Released: 2022-08-29

In 2022, Canadian farmers are projected to produce more wheat, canola, barley, oats, soybeans and corn for grain, according to recent yield model estimates using satellite imagery and agroclimatic data. Increased production was largely driven by better growing conditions in Western Canada.

In parts of the Prairies, higher-than-average precipitation and more moderate temperatures have resulted in better crop conditions than in 2021. In Alberta, provincial reports indicated that approximately three-quarters of the total crop were rated as being in good to excellent condition, well above 2021 reports, where one-fifth of the total crop was rated good to excellent. Reports from Manitoba provincial government indicated that crop conditions in the province were better than in 2021 and that yields are anticipated to be near normal. Dry conditions continue to be a concern for parts of Saskatchewan, where precipitation remains below average.

In Eastern Canada, much of southern Ontario has experienced drier-than-average conditions, while eastern parts of Ontario and most of Quebec received higher-than-average rainfall. In general, temperatures over the last month of the growing season were slightly cooler than normal.

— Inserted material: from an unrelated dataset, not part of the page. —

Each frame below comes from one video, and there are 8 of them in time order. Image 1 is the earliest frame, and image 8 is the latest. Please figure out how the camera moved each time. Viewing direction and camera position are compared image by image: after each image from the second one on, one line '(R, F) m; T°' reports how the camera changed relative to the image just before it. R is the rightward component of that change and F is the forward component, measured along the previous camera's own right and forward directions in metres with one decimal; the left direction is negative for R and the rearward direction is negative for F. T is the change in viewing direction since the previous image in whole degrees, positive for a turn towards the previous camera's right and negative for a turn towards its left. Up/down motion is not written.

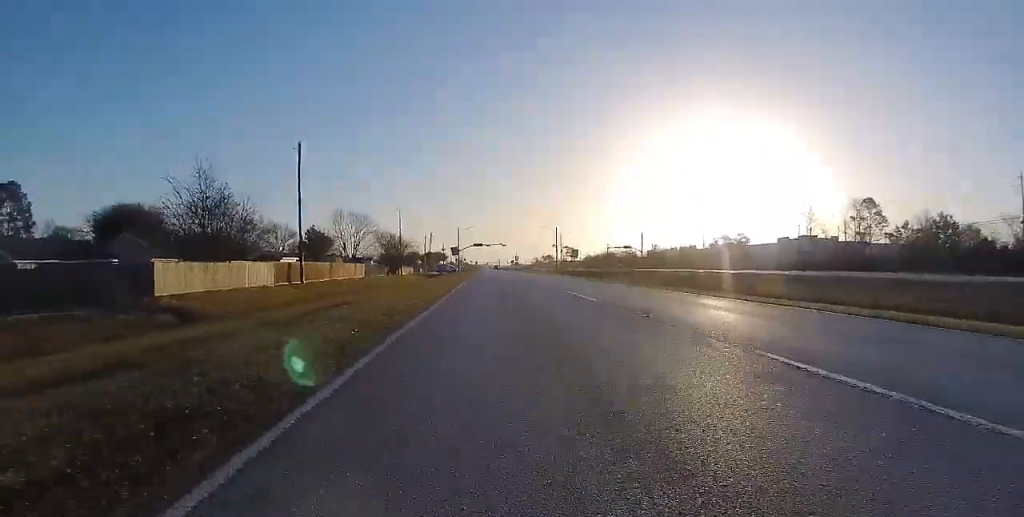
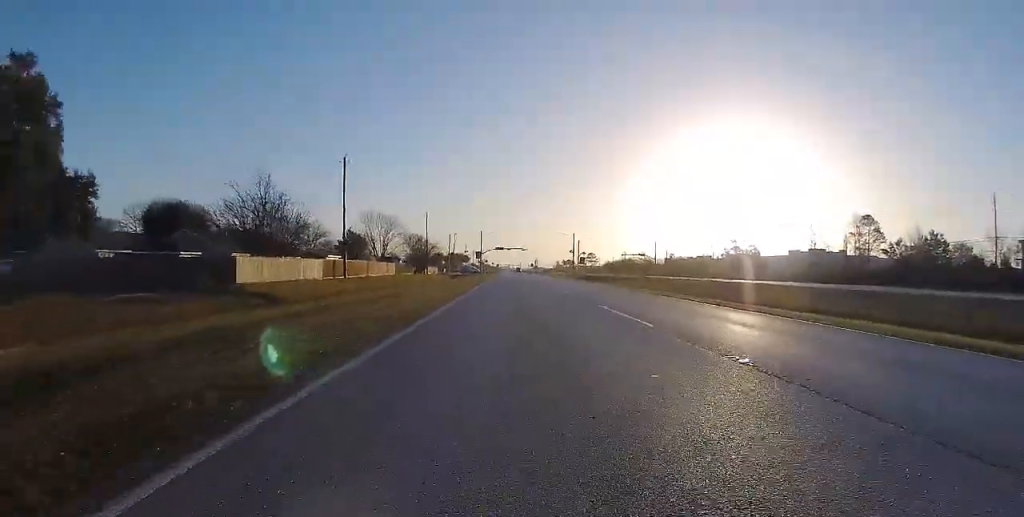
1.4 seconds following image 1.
(+0.1, +8.4) m; +2°
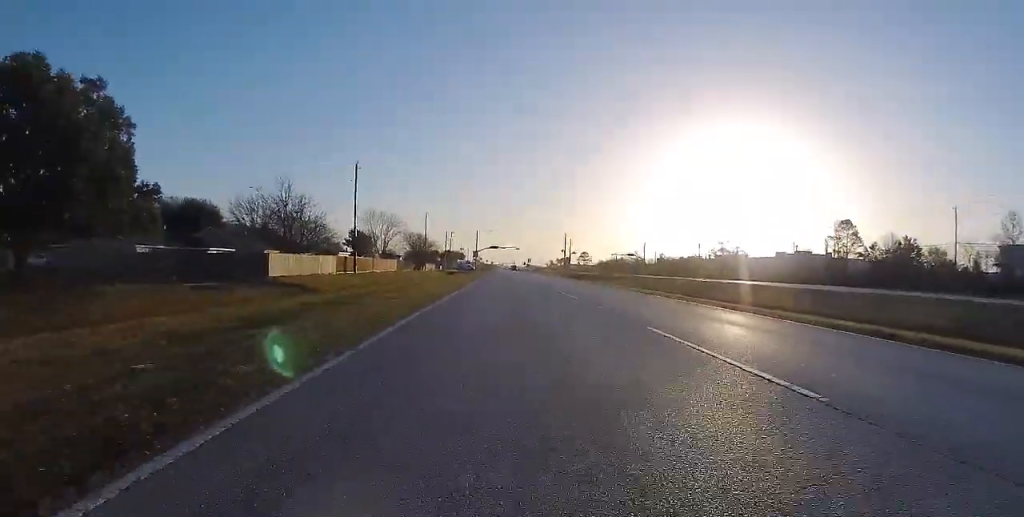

For several years, Statistics Canada has relied upon proven satellite technology and agroclimatic data to model preliminary estimates of crop yields and production. These methods have been used successfully to produce September yield estimates since 2016, and they replaced those used to produce July yield estimates in 2020. Coarse resolution-based satellite modelling relies on historical averages for harvested area. Final harvested area estimates will be published on December 2, 2022, based on the November 2022 Field Crop Survey.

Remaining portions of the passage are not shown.